PROVIDED ENTRIES:

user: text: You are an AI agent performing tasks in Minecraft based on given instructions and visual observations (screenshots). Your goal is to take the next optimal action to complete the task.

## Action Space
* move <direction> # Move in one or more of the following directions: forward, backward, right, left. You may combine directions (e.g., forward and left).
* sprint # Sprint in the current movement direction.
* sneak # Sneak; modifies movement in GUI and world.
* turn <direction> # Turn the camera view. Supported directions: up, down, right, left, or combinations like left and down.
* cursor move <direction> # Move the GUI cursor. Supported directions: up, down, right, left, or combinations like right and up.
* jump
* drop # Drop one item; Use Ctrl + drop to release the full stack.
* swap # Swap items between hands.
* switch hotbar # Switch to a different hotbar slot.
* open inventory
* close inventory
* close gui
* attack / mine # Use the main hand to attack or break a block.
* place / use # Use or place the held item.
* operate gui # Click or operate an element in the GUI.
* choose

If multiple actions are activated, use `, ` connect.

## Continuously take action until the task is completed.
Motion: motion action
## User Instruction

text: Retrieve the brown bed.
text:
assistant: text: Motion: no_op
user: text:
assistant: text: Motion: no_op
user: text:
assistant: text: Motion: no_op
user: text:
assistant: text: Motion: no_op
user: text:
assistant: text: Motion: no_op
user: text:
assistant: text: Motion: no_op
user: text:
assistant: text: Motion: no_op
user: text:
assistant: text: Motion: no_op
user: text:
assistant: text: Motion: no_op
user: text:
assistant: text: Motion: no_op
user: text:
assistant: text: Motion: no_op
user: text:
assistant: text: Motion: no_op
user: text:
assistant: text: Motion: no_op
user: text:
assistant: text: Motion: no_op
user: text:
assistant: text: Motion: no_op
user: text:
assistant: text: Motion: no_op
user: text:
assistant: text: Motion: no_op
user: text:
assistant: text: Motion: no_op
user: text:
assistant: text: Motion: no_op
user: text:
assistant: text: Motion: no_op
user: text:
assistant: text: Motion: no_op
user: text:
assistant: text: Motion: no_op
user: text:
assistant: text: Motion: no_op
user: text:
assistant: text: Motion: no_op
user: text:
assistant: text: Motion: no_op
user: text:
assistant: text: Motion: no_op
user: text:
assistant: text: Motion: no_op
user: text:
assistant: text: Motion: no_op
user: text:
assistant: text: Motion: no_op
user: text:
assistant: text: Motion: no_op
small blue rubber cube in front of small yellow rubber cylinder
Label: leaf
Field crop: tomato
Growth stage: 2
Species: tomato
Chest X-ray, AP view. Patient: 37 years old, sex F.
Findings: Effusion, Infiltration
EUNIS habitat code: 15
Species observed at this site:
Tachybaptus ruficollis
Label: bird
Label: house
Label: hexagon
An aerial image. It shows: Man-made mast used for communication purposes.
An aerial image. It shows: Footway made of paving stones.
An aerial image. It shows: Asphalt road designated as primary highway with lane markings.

WORK ORDER: Read through the records above and copy the lines that contain "view".

WRITTEN ANSWER:
* turn <direction> # Turn the camera view. Supported directions: up, down, right, left, or combinations like left and down.
Chest X-ray, AP view. Patient: 37 years old, sex F.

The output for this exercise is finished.